We end up at a lookout point above the city. The skyline stretches in front of us, glittering and endless. It’s quiet. Peaceful. I step out of the car and lean against the hood. He joins me.
We say nothing for a while. Just breathe. The silence is clean.
Finally, I say, “I think I’m losing it.”
“You’re not.”
“I haven’t slept right in weeks. I barely eat. I’ve been sober for four days and it feels like my skin is turning inside out.”

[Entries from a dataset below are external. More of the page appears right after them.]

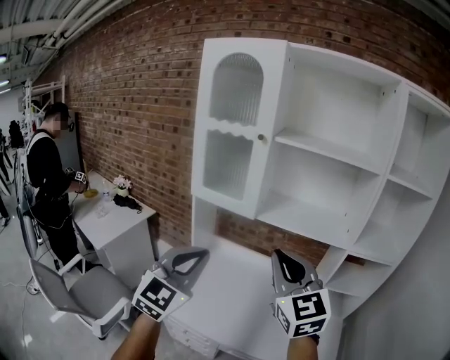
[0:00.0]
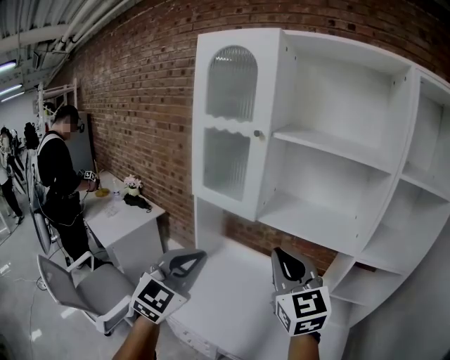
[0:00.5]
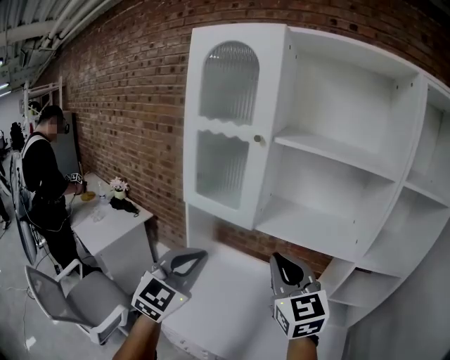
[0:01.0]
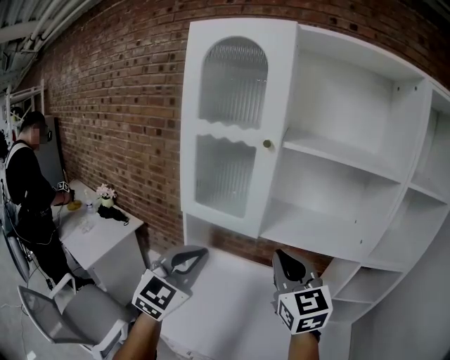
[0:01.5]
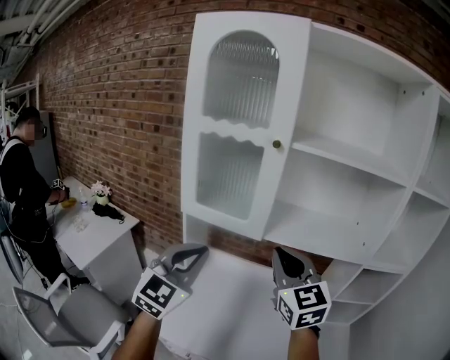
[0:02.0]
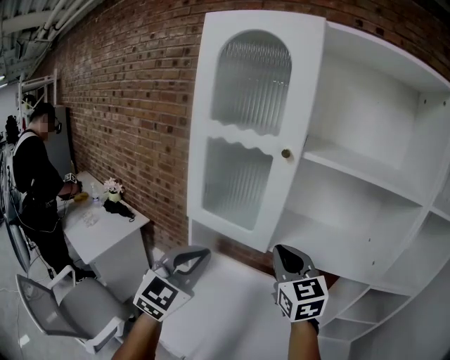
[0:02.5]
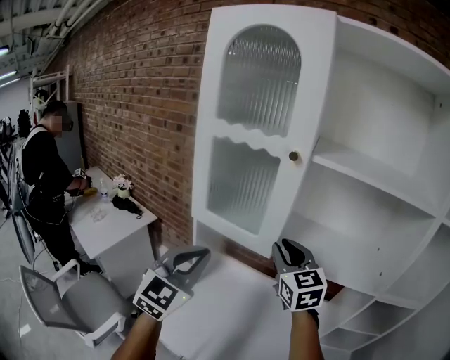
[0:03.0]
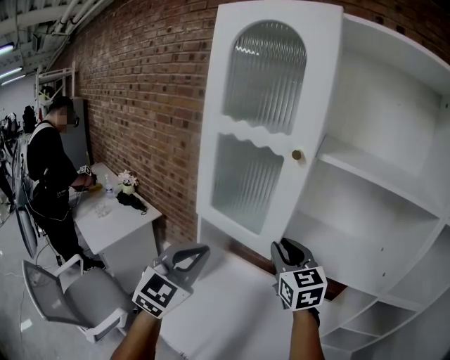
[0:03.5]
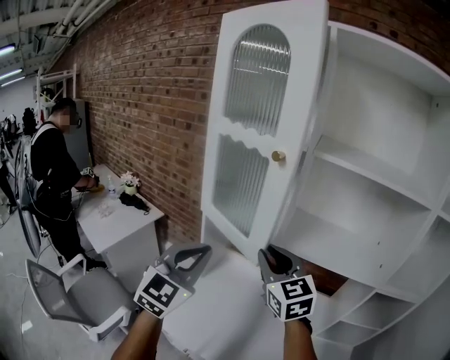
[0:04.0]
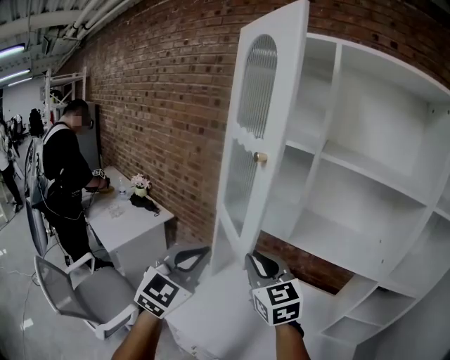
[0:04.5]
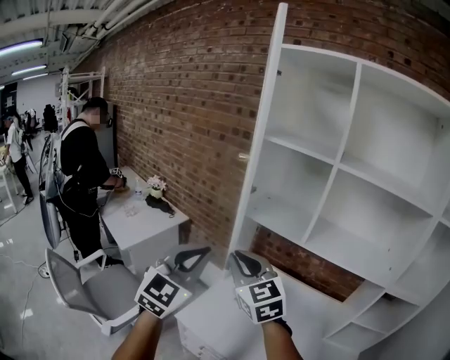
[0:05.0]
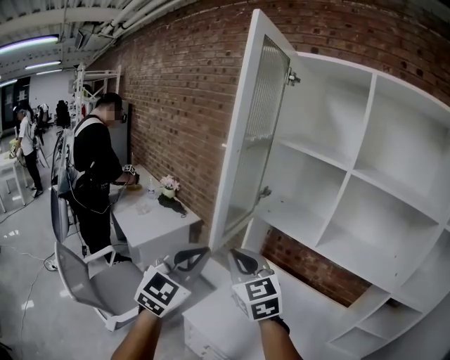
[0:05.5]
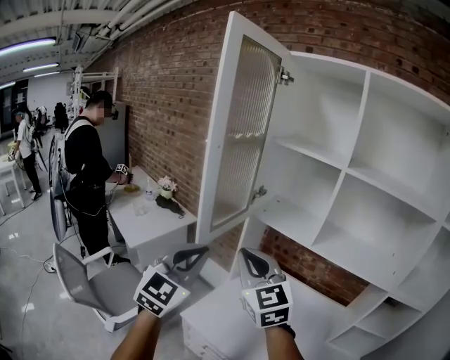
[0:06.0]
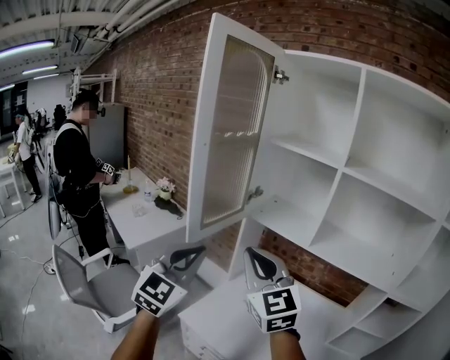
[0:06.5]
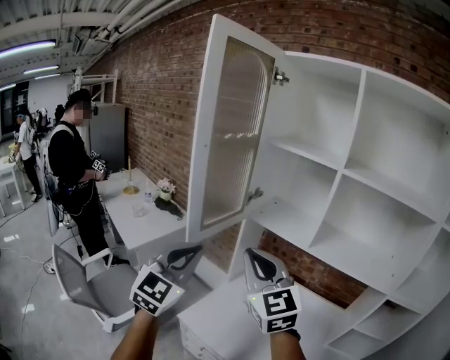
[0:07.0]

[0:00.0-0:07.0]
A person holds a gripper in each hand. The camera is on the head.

“That means you’re waking up.”
“I don’t know who I am when I’m awake.”
He looks at me. “You’re someone who still shows up.”
I scoff. “Barely.”
“Still counts.”
Then I whisper, “I don’t know how to do this without falling apart.”
“Then fall apart.”
I turn to him. “What?”
“You don’t have to hold it together for anyone.”
Tears sting my eyes. I blink fast. “No one’s ever said that to me.”
“They should have.”
We’re quiet again. The wind brushes my hair across my cheek. Knox reaches out and tucks it behind my ear. His touch is light. Careful. Like he knows how fragile I feel. I lean into it without meaning to. He lets me. And for a moment, I don’t feel broken. I just feel human.
I can’t lie to myself and tell myself it’s not because of him being here with me. Because for the first time, someone showed up.